To most Austinians, the phrase ‘downtown, just east of I-35’ does not precisely evoke ‘class’ or ‘upscale’ or even ‘fresh paint’, but don’t tell that to what the lightpost banners announce as the East End Ibiz District: a stretch about three blocks long by one block wide of aggressively modern and shiny architecture with the sort of garish, desperate Austin Is A Sound Investment Dammit gentrification that leads people to use terms like ‘Ibiz’ and ‘SoCo’ with a straight face.  Not that there’s anything wrong with this in and of itself, but a very short walk past any of the East End Ibiz District’s facades leads one to wonder, if the area’s up-marketing takes hold, whether all these dead people all over the neighborhood are going to continue to be able to afford the real estate, or whether we’re going to end up with your basic Poltergeist scenario here.

The Blue Dahlia Bistro sits amid a blue steel and plate glass shopping center entirely too classy to be called a strip mall despite being one, and trades on one of the forms of high-class dining experience that’s been popular with the smart set at least as far back as Puccini — to wit, the dedication of considerable culinary art to creating the impression that one is eating the lunch of a penniless rural French shepherd.

Don’t let all this cranky class consciousness give the impression that I don’t like the place, however; I just have an instinctive rankling to a place that makes me feel as though I were using the wrong fork, even when in fact they only give me one fork and the dish I ordered was finger food anyway.  Lunch at the Blue Dahlia was in fact a very pleasant experience and the food quite good, and less expensive than the number of French words in the menu might lead one to expect.

The Dahlia has a very nice back patio, not overly large, but not cramped with tight-packed tables in the manner of most coffee-shop patios either.  The weather on the day we visited was very nice, which the bistro can hardly take credit for, but the artful arrangement of overhead canopies and unobtrusive space-heaters around the patio seem well equipped to make it a pleasant dining space in nearly any weather.  After taking our seat, we were carefully inspected by a small calico cat who walked up, sat down a couple feet away, and watched us for about a minute with evident displeasure before walking away again.  Fortunately, they served us despite the disapproval of the cat, but it was a close thing.
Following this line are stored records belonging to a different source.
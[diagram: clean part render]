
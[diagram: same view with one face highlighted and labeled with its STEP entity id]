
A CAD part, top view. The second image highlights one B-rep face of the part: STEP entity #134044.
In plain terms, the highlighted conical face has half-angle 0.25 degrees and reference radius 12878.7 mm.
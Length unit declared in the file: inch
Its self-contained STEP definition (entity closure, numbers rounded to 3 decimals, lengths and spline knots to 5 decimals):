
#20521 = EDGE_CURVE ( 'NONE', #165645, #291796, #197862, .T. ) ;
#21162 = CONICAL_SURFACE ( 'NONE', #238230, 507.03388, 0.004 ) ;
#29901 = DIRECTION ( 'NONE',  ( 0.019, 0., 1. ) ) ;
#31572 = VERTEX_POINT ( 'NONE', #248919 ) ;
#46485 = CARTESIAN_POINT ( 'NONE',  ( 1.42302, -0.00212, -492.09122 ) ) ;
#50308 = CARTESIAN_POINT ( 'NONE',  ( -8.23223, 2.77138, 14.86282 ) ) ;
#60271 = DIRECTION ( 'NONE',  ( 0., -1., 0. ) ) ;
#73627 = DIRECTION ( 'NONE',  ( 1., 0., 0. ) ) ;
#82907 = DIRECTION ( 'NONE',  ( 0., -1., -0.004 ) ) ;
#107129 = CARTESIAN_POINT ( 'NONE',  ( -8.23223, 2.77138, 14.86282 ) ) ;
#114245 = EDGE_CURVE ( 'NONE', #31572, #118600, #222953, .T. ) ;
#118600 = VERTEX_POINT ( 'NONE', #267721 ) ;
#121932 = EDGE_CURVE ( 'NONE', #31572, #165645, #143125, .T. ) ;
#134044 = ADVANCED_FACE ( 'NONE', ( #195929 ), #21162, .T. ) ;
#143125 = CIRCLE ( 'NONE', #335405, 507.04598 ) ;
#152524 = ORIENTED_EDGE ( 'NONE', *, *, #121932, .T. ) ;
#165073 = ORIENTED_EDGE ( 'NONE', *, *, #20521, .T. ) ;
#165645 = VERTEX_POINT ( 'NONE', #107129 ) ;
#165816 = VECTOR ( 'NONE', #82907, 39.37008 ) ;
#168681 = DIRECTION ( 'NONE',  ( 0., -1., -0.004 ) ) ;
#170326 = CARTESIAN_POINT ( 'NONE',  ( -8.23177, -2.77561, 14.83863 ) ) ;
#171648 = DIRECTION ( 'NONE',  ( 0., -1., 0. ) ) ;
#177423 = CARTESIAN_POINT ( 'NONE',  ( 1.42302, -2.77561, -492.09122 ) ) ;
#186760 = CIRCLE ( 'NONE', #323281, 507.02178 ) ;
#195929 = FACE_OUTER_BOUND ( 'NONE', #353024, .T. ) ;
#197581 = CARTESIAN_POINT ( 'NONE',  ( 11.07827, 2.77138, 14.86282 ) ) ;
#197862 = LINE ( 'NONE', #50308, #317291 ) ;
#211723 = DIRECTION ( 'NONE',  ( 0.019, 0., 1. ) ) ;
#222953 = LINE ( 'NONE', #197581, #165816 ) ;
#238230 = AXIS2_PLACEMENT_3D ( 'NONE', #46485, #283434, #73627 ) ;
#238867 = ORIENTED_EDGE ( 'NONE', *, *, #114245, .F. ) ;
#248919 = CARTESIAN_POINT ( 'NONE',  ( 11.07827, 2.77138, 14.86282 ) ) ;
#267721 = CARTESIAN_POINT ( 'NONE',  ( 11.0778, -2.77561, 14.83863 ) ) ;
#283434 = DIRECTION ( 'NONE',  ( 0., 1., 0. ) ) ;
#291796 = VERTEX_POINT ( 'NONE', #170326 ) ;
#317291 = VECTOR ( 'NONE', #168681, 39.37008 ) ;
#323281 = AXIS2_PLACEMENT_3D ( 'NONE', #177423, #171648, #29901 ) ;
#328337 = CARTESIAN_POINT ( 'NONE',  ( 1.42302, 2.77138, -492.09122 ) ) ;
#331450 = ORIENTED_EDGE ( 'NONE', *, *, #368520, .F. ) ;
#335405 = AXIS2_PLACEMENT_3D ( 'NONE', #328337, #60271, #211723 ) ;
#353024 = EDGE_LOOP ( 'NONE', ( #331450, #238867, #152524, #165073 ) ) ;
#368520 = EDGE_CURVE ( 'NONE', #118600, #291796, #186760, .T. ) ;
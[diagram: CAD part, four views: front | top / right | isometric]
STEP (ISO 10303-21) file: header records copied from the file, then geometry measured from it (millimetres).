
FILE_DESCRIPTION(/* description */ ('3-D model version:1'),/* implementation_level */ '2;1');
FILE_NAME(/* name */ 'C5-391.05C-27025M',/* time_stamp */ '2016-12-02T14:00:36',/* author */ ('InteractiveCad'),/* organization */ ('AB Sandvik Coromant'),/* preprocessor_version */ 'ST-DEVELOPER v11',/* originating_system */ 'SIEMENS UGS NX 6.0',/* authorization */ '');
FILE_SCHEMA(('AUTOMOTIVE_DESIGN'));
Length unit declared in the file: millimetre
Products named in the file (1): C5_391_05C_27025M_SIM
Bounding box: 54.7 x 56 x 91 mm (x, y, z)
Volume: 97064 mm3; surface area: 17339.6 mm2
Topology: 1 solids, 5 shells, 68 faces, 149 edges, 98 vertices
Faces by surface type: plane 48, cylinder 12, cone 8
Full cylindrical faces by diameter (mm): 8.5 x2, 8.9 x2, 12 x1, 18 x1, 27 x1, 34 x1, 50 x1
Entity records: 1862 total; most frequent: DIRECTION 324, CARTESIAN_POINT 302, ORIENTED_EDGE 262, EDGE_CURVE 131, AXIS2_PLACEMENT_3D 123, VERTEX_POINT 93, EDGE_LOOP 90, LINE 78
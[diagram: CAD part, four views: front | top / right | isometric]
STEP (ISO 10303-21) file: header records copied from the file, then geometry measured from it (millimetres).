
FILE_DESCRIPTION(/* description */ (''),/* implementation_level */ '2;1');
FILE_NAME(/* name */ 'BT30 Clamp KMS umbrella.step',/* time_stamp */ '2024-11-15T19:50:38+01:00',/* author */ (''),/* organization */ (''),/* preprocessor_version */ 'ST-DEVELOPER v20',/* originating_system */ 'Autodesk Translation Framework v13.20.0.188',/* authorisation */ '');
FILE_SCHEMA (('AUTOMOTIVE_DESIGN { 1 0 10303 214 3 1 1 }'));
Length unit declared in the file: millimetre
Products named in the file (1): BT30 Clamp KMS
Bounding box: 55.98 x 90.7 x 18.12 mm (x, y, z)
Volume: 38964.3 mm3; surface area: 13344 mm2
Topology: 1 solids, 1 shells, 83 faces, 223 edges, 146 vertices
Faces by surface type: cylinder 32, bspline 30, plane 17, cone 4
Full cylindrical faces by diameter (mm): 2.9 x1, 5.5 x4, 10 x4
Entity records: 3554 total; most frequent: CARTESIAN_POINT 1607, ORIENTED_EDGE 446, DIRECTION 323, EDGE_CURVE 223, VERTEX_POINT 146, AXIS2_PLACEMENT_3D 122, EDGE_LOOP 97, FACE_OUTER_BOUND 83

I had the meat and cheese platter, one of the more enthusiastically rustic dishes, to the extent that in addition to being arrayed on a bed of mixed lettuce, it was served on a slab of grey stone rather than a plate.  The simple but filling assortment of meats and cheeses, along with olives and small spicy pickles, offered two standout surprises: the mustard, which looked like a creamy dijon but turned out to be much stronger than expected, pungent with horseradish or possibly Chinese mustard; and in the bread basket, a delightful cranberry-walnut bread that would have been suited as a dessert in itself.  James’ Dad also reports that the cranberry-walnut bread works well with a tiny dab of the mustard and some of the balsamic vinegar found alongside the olive oil on each table, but I only tried it with butter.   The bread assortment also included segments of French bread which were enhanced more than I would have expected by the addition of sesame seeds to the crust.  Rarely is a basket of assorted breads a memorable highlight of a restaurant’s offerings, but the Blue Dahlia makes a very impressive production of it.

J’s. D. had the soup special du jour, a duck and sausage stew, which impressed him enough to order a second cup to go before we departed; though I didn’t try it, it smelled magnificent and I’m sure he shall elucidate you further to its charms in his own review of the Dahlia.

Good food, excellent atmosphere and presentation, and service that passes my rather minimal standard of expectation (prompt drink refills and no active surliness) — so, despite a lingering resentment for the Austintatious flavor of the immediate neighborhood, I can see no reason not to give the Blue Dahlia Bistro a full cinque etoiles.